ABOUT THIS EXERCISE: An exact copy of every record, without the pictures, is what should come back.

___ EXERCISE DATA ___

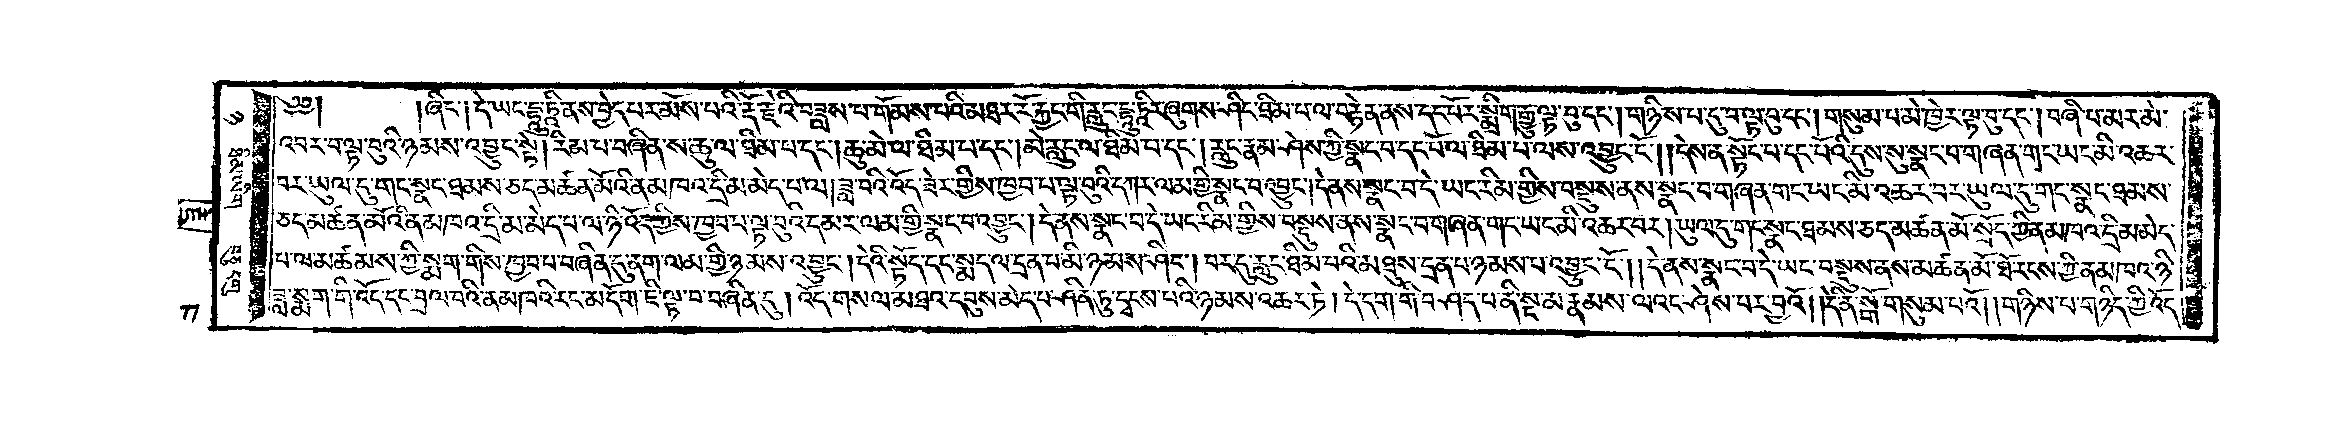༄༅། །ཞིང་། དེ་ཡང་དྷཱུ་ཏཱི་ནས་བྱེད་པར་མོས་པའི་རྡོ་རྗེའི་བཟླས་པ་གོམས་པའི་མཐར་རོ་རྐྱང་གི་རླུང་དྷཱུ་ཏཱིར་ཞུགས་ཤིང་ཐིམ་པ་ལ་བརྟེན་ནས་དང་པོར་སྨྲིག་རྒྱུ་ལྟ་བུ་དང་། གཉིས་པ་དུ་བ་ལྟ་བུ་དང་། གསུམ་པ་མེ་ཁྱེར་ལྟ་བུ་དང་། བཞི་པ་མར་མེ་
འབར་བ་ལྟ་བུའི་ཉམས་འབྱུང་སྟེ། རིམ་པ་བཞིན་ས་ཆུ་ལ་ཐིམ་པ་དང་། ཆུ་མེ་ལ་ཐིམ་པ་དང་། མེ་རླུང་ལ་ཐིམ་པ་དང་། རླུང་རྣམ་ཤེས་ཀྱི་སྣང་བ་དང་པོ་ལ་ཐིམ་པ་ལས་འབྱུང་ངོ། །དེས་ན་སྟོང་པ་དང་པོའི་དུས་སུ་སྣང་བ་གཞན་གང་ཡང་མི་འཆར་
བར་ཡུལ་དུ་གང་སྣང་ཐམས་ཅད་མཚན་མོའི་ནམ་མཁའ་དྲི་མ་མེད་པ་ལ། ཟླ་བའི་འོད་ཟེར་གྱིས་ཁྱབ་པ་ལྟ་བུའི་དཀར་ལམ་གྱི་སྣང་བ་འབྱུང་། དེ་ནས་སྣང་བ་དེ་ཡང་རིམ་གྱིས་བསྡུས་ནས་སྣང་བ་གཞན་གང་ཡང་མི་འཆར་བར་ཡུལ་དུ་གང་སྣང་ཐམས་
ཅད་མཚན་མོའི་ནམ་མཁའ་དྲི་མ་མེད་པ་ལ་ཉི་འོད་ཀྱིས་ཁྱབ་པ་ལྟ་བུའི་དམར་ལམ་གྱི་སྣང་བ་འབྱུང་། དེ་ནས་སྣང་བ་དེ་ཡང་རིམ་གྱིས་བསྡུས་ནས་སྣང་བ་གཞན་གང་ཡང་མི་འཆར་བར། ཡུལ་དུ་གང་སྣང་ཐམས་ཅད་མཚན་མོ་སྲོད་ཀྱི་ནམ་མཁའ་དྲི་མ་མེད་
པ་ལ་མཚམས་ཀྱི་སྨག་གིས་ཁྱབ་པ་བཞིན་དུ་ནག་ལམ་གྱི་ཉམས་འབྱུང་། དེའི་སྟོད་དང་སྨད་ལ་དྲན་པ་མི་ཉམས་ཤིང་། བར་དུ་རླུང་ཐིམ་པའི་མཐུས་དྲན་པ་ཉམས་པ་འབྱུང་ངོ། །དེ་ནས་སྣང་བ་དེ་ཡང་བསྡུས་ནས་མཚན་མོ་ཐོ་རངས་ཀྱི་ནམ་མཁའ་ཉི་
ཟླ་སྨག་གི་འོད་དང་བྲལ་བའི་ནམ་མཁའི་རང་མདོག་ཇི་ལྟ་བ་བཞིན་དུ། འོད་གསལ་མཐའ་དབུས་མེད་པ་ཤིན་ཏུ་དྭངས་པའི་ཉམས་འཆར་ཏེ། དེ་དག་གི་བཤད་པ་ནི་སྔ་མ་རྣམས་ལའང་ཤེས་པར་བྱའོ། །དེ་ནི་སྒོ་གསུམ་པའོ། །གཉིས་པ་གཉིད་ཀྱི་འོད་
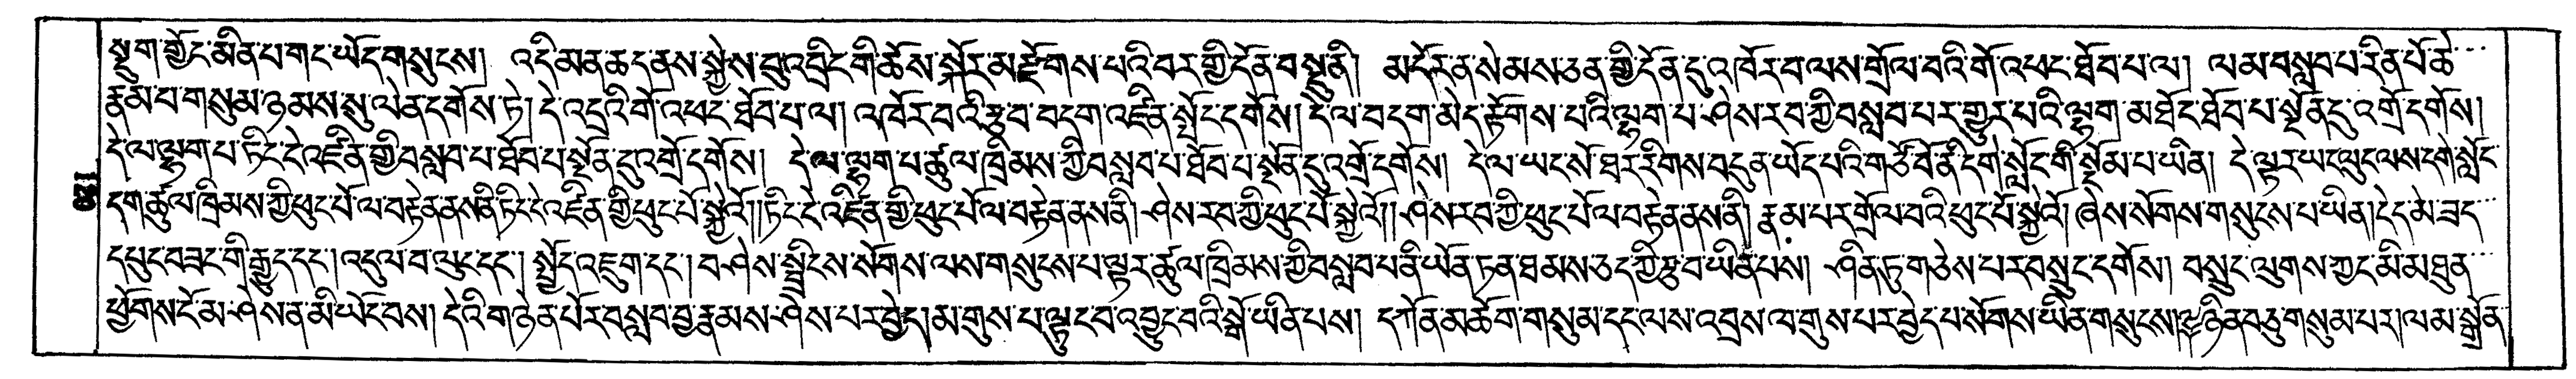སྡུག་གྱོད་མིན་པ་གང་ཡོད་གསུངས། འདི་མན་ཆད་ནས་སྐྱེས་བུ་འབྲིང་གི་ཆོས་སྐོར་མ་རྫོགས་པའི་བར་གྱི་དོན་བསྡུ་ནི། མདོར་ན་སེམས་ཅན་གྱི་དོན་དུ་འཁོར་བ་ལས་གྲོལ་བའི་གོ་འཕང་ཐོབ་པ་ལ། ལམ་བསླབ་པ་རིན་པོ་ཆེ་
རྣམ་པ་གསུམ་ཉམས་སུ་ལེན་དགོས་ཏེ། དེ་འདྲའི་གོ་འཕང་ཐོབ་པ་ལ། འཁོར་བའི་རྩ་བ་བདག་འཛིན་སྤོང་དགོས། དེ་ལ་བདག་མེད་རྟོགས་པའི་ལྷག་པ་ཤེས་རབ་ཀྱི་བསླབ་པར་གྱུར་པའི་ལྷག་མཐོང་ཐོབ་པ་སྔོན་དུ་འགྲོ་དགོས།
དེ་ལ་ལྷག་པ་ཏིང་ངེ་འཛིན་གྱི་བསླབ་པ་ཐོབ་པ་སྔོན་དུ་འགྲོ་དགོས། དེ་ལ་ལྷག་པ་ཚུལ་ཁྲིམས་ཀྱི་བསླབ་པ་ཐོབ་བ་སྔོན་དུ་འགྲོ་དགོས། དེ་ལ་ཡང་སོ་ཐར་རིགས་བདུན་ཡོད་པའི་གཙོ་བོ་ནི་དགེ་སློང་གི་སྡོམ་པ་ཡིན། དེ་ལྟར་ཡང་ལུང་ལས་དགེ་སློང་
དག་ཚུལ་ཁྲིམས་ཀྱི་ཕུང་པོ་ལ་བརྟེན་ནས་ནི་ཏིང་ངེ་འཛིན་གྱི་ཕུང་པོ་སྐྱེའོ། །ཏིང་ངེ་འཛིན་གྱི་ཕུང་པོ་ལ་བརྟེན་ནས་ནི། ཤེས་རབ་ཀྱི་ཕུང་པོ་སྐྱེའོ། །ཤེས་རབ་ཀྱི་ཕུང་པོ་ལ་བརྟེན་ནས་ནི། རྣམ་པར་གྲོལ་བའི་ཕུང་པོ་སྐྱེའོ། ཞེས་སོགས་གསུངས་པ་ཡིན། དེར་མ་ཟད་
དཔུང་བཟང་གི་རྒྱུད་དང་། འདུལ་བ་ལུང་དང་། སྤྱོད་འཇུག་དང་། བཤེས་སྤྲིངས་སོགས་ལས་གསུངས་པ་ལྟར་ཚུལ་ཁྲིམས་ཀྱི་བསླབ་པ་ནི་ཡོན་ཏན་ཐམས་ཅད་ཀྱི་རྩ་བ་ཡིན་པས། ཤིན་ཏུ་གཅེས་པར་བསྲུང་དགོས། བསྲུང་ལུགས་ཀྱང་མི་མཐུན་
ཕྱོགས་ངོ་མ་ཤེས་ན་མི་ཡོང་བས། དེའི་གཉེན་པོར་བསླབ་བྱ་རྣམས་ཤེས་པར་བྱེད། མ་གུས་པ་ལྟུང་བ་འབྱུང་བའི་སྒོ་ཡིན་པས། དཀོན་མཆོག་གསུམ་དང་ལས་འབྲས་ལ་གུས་པར་བྱེད་པ་སོགས་ཡིན་གསུངས། ༈ ཉིན་བཅུ་གསུམ་པར། ལམ་སྒྲོན་

___

SOLUTION TO THIS EXERCISE:
༄༅། །ཞིང་། དེ་ཡང་དྷཱུ་ཏཱི་ནས་བྱེད་པར་མོས་པའི་རྡོ་རྗེའི་བཟླས་པ་གོམས་པའི་མཐར་རོ་རྐྱང་གི་རླུང་དྷཱུ་ཏཱིར་ཞུགས་ཤིང་ཐིམ་པ་ལ་བརྟེན་ནས་དང་པོར་སྨྲིག་རྒྱུ་ལྟ་བུ་དང་། གཉིས་པ་དུ་བ་ལྟ་བུ་དང་། གསུམ་པ་མེ་ཁྱེར་ལྟ་བུ་དང་། བཞི་པ་མར་མེ་
འབར་བ་ལྟ་བུའི་ཉམས་འབྱུང་སྟེ། རིམ་པ་བཞིན་ས་ཆུ་ལ་ཐིམ་པ་དང་། ཆུ་མེ་ལ་ཐིམ་པ་དང་། མེ་རླུང་ལ་ཐིམ་པ་དང་། རླུང་རྣམ་ཤེས་ཀྱི་སྣང་བ་དང་པོ་ལ་ཐིམ་པ་ལས་འབྱུང་ངོ། །དེས་ན་སྟོང་པ་དང་པོའི་དུས་སུ་སྣང་བ་གཞན་གང་ཡང་མི་འཆར་
བར་ཡུལ་དུ་གང་སྣང་ཐམས་ཅད་མཚན་མོའི་ནམ་མཁའ་དྲི་མ་མེད་པ་ལ། ཟླ་བའི་འོད་ཟེར་གྱིས་ཁྱབ་པ་ལྟ་བུའི་དཀར་ལམ་གྱི་སྣང་བ་འབྱུང་། དེ་ནས་སྣང་བ་དེ་ཡང་རིམ་གྱིས་བསྡུས་ནས་སྣང་བ་གཞན་གང་ཡང་མི་འཆར་བར་ཡུལ་དུ་གང་སྣང་ཐམས་
ཅད་མཚན་མོའི་ནམ་མཁའ་དྲི་མ་མེད་པ་ལ་ཉི་འོད་ཀྱིས་ཁྱབ་པ་ལྟ་བུའི་དམར་ལམ་གྱི་སྣང་བ་འབྱུང་། དེ་ནས་སྣང་བ་དེ་ཡང་རིམ་གྱིས་བསྡུས་ནས་སྣང་བ་གཞན་གང་ཡང་མི་འཆར་བར། ཡུལ་དུ་གང་སྣང་ཐམས་ཅད་མཚན་མོ་སྲོད་ཀྱི་ནམ་མཁའ་དྲི་མ་མེད་
པ་ལ་མཚམས་ཀྱི་སྨག་གིས་ཁྱབ་པ་བཞིན་དུ་ནག་ལམ་གྱི་ཉམས་འབྱུང་། དེའི་སྟོད་དང་སྨད་ལ་དྲན་པ་མི་ཉམས་ཤིང་། བར་དུ་རླུང་ཐིམ་པའི་མཐུས་དྲན་པ་ཉམས་པ་འབྱུང་ངོ། །དེ་ནས་སྣང་བ་དེ་ཡང་བསྡུས་ནས་མཚན་མོ་ཐོ་རངས་ཀྱི་ནམ་མཁའ་ཉི་
ཟླ་སྨག་གི་འོད་དང་བྲལ་བའི་ནམ་མཁའི་རང་མདོག་ཇི་ལྟ་བ་བཞིན་དུ། འོད་གསལ་མཐའ་དབུས་མེད་པ་ཤིན་ཏུ་དྭངས་པའི་ཉམས་འཆར་ཏེ། དེ་དག་གི་བཤད་པ་ནི་སྔ་མ་རྣམས་ལའང་ཤེས་པར་བྱའོ། །དེ་ནི་སྒོ་གསུམ་པའོ། །གཉིས་པ་གཉིད་ཀྱི་འོད་
སྡུག་གྱོད་མིན་པ་གང་ཡོད་གསུངས། འདི་མན་ཆད་ནས་སྐྱེས་བུ་འབྲིང་གི་ཆོས་སྐོར་མ་རྫོགས་པའི་བར་གྱི་དོན་བསྡུ་ནི། མདོར་ན་སེམས་ཅན་གྱི་དོན་དུ་འཁོར་བ་ལས་གྲོལ་བའི་གོ་འཕང་ཐོབ་པ་ལ། ལམ་བསླབ་པ་རིན་པོ་ཆེ་
རྣམ་པ་གསུམ་ཉམས་སུ་ལེན་དགོས་ཏེ། དེ་འདྲའི་གོ་འཕང་ཐོབ་པ་ལ། འཁོར་བའི་རྩ་བ་བདག་འཛིན་སྤོང་དགོས། དེ་ལ་བདག་མེད་རྟོགས་པའི་ལྷག་པ་ཤེས་རབ་ཀྱི་བསླབ་པར་གྱུར་པའི་ལྷག་མཐོང་ཐོབ་པ་སྔོན་དུ་འགྲོ་དགོས།
དེ་ལ་ལྷག་པ་ཏིང་ངེ་འཛིན་གྱི་བསླབ་པ་ཐོབ་པ་སྔོན་དུ་འགྲོ་དགོས། དེ་ལ་ལྷག་པ་ཚུལ་ཁྲིམས་ཀྱི་བསླབ་པ་ཐོབ་བ་སྔོན་དུ་འགྲོ་དགོས། དེ་ལ་ཡང་སོ་ཐར་རིགས་བདུན་ཡོད་པའི་གཙོ་བོ་ནི་དགེ་སློང་གི་སྡོམ་པ་ཡིན། དེ་ལྟར་ཡང་ལུང་ལས་དགེ་སློང་
དག་ཚུལ་ཁྲིམས་ཀྱི་ཕུང་པོ་ལ་བརྟེན་ནས་ནི་ཏིང་ངེ་འཛིན་གྱི་ཕུང་པོ་སྐྱེའོ། །ཏིང་ངེ་འཛིན་གྱི་ཕུང་པོ་ལ་བརྟེན་ནས་ནི། ཤེས་རབ་ཀྱི་ཕུང་པོ་སྐྱེའོ། །ཤེས་རབ་ཀྱི་ཕུང་པོ་ལ་བརྟེན་ནས་ནི། རྣམ་པར་གྲོལ་བའི་ཕུང་པོ་སྐྱེའོ། ཞེས་སོགས་གསུངས་པ་ཡིན། དེར་མ་ཟད་
དཔུང་བཟང་གི་རྒྱུད་དང་། འདུལ་བ་ལུང་དང་། སྤྱོད་འཇུག་དང་། བཤེས་སྤྲིངས་སོགས་ལས་གསུངས་པ་ལྟར་ཚུལ་ཁྲིམས་ཀྱི་བསླབ་པ་ནི་ཡོན་ཏན་ཐམས་ཅད་ཀྱི་རྩ་བ་ཡིན་པས། ཤིན་ཏུ་གཅེས་པར་བསྲུང་དགོས། བསྲུང་ལུགས་ཀྱང་མི་མཐུན་
ཕྱོགས་ངོ་མ་ཤེས་ན་མི་ཡོང་བས། དེའི་གཉེན་པོར་བསླབ་བྱ་རྣམས་ཤེས་པར་བྱེད། མ་གུས་པ་ལྟུང་བ་འབྱུང་བའི་སྒོ་ཡིན་པས། དཀོན་མཆོག་གསུམ་དང་ལས་འབྲས་ལ་གུས་པར་བྱེད་པ་སོགས་ཡིན་གསུངས། ༈ ཉིན་བཅུ་གསུམ་པར། ལམ་སྒྲོན་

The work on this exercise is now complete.